Reproduce every line of the material below, but drop the pictures.

== Records for processing

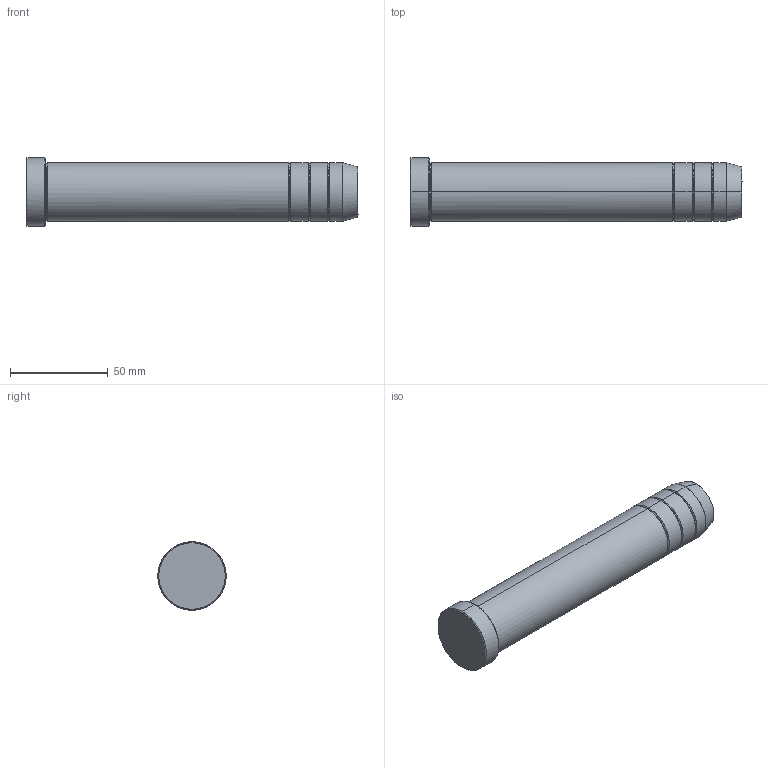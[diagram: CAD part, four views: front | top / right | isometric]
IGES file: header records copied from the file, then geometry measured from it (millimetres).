
Start section: Comment
Global section: file name: G_35x170.igs; native system:  By Spatial Corp.; preprocessor: XPlus PS/IGES 3.0; author: Author; organization: Title; date: 20040919.211518; units: inch
Bounding box: 170 x 34.94 x 35 mm (x, y, z)
Surface area: 18024.2 mm2 (no closed solid volume)
Topology: 0 solids, 0 shells, 35 faces, 136 edges, 136 vertices
Faces by surface type: bspline 35
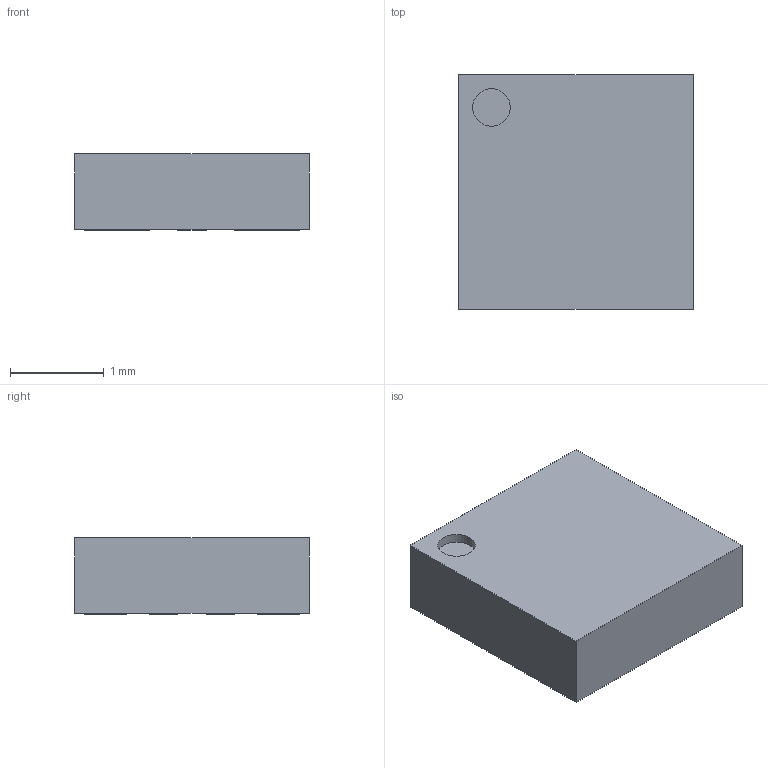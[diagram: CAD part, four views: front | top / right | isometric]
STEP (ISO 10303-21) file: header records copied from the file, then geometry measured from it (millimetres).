
FILE_DESCRIPTION(/* description */ (''),/* implementation_level */ '2;1');
FILE_NAME(/* name */ 'HLGA-10L_2.5x2.5mm.stp.step',/* time_stamp */ '2017-02-22T10:49:37-08:00',/* author */ (''),/* organization */ (''),/* preprocessor_version */ 'ST-DEVELOPER v16.5',/* originating_system */ 'Autodesk Translation Framework v5.2.0.2920',/* authorisation */ '');
FILE_SCHEMA (('AUTOMOTIVE_DESIGN { 1 0 10303 214 3 1 1 }'));
Length unit declared in the file: millimetre
Products named in the file (1): HLGA-10L_2.5x2.5mm v1
Bounding box: 2.5 x 2.5 x 0.81 mm (x, y, z)
Volume: 5 mm3; surface area: 23.5 mm2
Topology: 11 solids, 11 shells, 68 faces, 135 edges, 90 vertices
Faces by surface type: plane 67, cylinder 1
Full cylindrical faces by diameter (mm): 0.4 x1
Entity records: 1742 total; most frequent: CARTESIAN_POINT 293, DIRECTION 274, ORIENTED_EDGE 268, EDGE_CURVE 134, LINE 132, VECTOR 132, VERTEX_POINT 90, AXIS2_PLACEMENT_3D 71
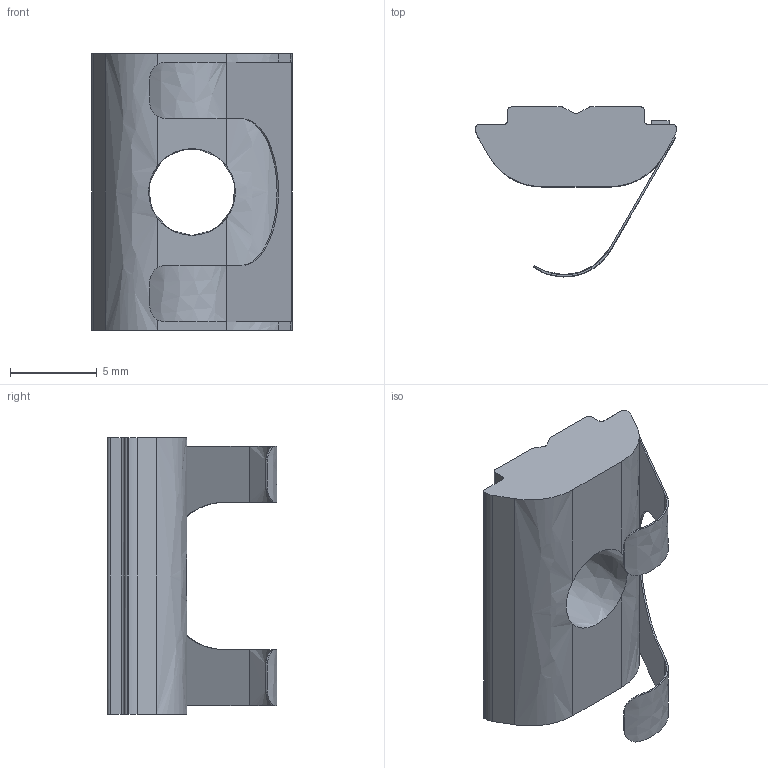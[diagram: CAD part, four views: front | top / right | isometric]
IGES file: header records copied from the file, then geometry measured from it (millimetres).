
Global section: file name: 210609; native system: Autodesk Inventor 2021; preprocessor: unknown; author: T. Włodkowski,; organization: 11; date: 20220805.094308; units: millimetre
Bounding box: 11.6 x 9.8 x 16 mm (x, y, z)
Volume: 600.5 mm3; surface area: 746.4 mm2
Topology: 1 solids, 1 shells, 62 faces, 176 edges, 116 vertices
Faces by surface type: bspline 62

====

| Exercise response |
[diagram: CAD part, four views: front | top / right | isometric]
IGES file: header records copied from the file, then geometry measured from it (millimetres).
Start section: Comment
Global section: file name: G_35x170.igs; native system:  By Spatial Corp.; preprocessor: XPlus PS/IGES 3.0; author: Author; organization: Title; date: 20040919.211518; units: inch
Bounding box: 170 x 34.94 x 35 mm (x, y, z)
Surface area: 18024.2 mm2 (no closed solid volume)
Topology: 0 solids, 0 shells, 35 faces, 136 edges, 136 vertices
Faces by surface type: bspline 35
[diagram: CAD part, four views: front | top / right | isometric]
STEP (ISO 10303-21) file: header records copied from the file, then geometry measured from it (millimetres).
FILE_DESCRIPTION(/* description */ (''),/* implementation_level */ '2;1');
FILE_NAME(/* name */ 'HLGA-10L_2.5x2.5mm.stp.step',/* time_stamp */ '2017-02-22T10:49:37-08:00',/* author */ (''),/* organization */ (''),/* preprocessor_version */ 'ST-DEVELOPER v16.5',/* originating_system */ 'Autodesk Translation Framework v5.2.0.2920',/* authorisation */ '');
FILE_SCHEMA (('AUTOMOTIVE_DESIGN { 1 0 10303 214 3 1 1 }'));
Length unit declared in the file: millimetre
Products named in the file (1): HLGA-10L_2.5x2.5mm v1
Bounding box: 2.5 x 2.5 x 0.81 mm (x, y, z)
Volume: 5 mm3; surface area: 23.5 mm2
Topology: 11 solids, 11 shells, 68 faces, 135 edges, 90 vertices
Faces by surface type: plane 67, cylinder 1
Full cylindrical faces by diameter (mm): 0.4 x1
Entity records: 1742 total; most frequent: CARTESIAN_POINT 293, DIRECTION 274, ORIENTED_EDGE 268, EDGE_CURVE 134, LINE 132, VECTOR 132, VERTEX_POINT 90, AXIS2_PLACEMENT_3D 71
[diagram: CAD part, four views: front | top / right | isometric]
IGES file: header records copied from the file, then geometry measured from it (millimetres).
Global section: file name: 210609; native system: Autodesk Inventor 2021; preprocessor: unknown; author: T. Włodkowski,; organization: 11; date: 20220805.094308; units: millimetre
Bounding box: 11.6 x 9.8 x 16 mm (x, y, z)
Volume: 600.5 mm3; surface area: 746.4 mm2
Topology: 1 solids, 1 shells, 62 faces, 176 edges, 116 vertices
Faces by surface type: bspline 62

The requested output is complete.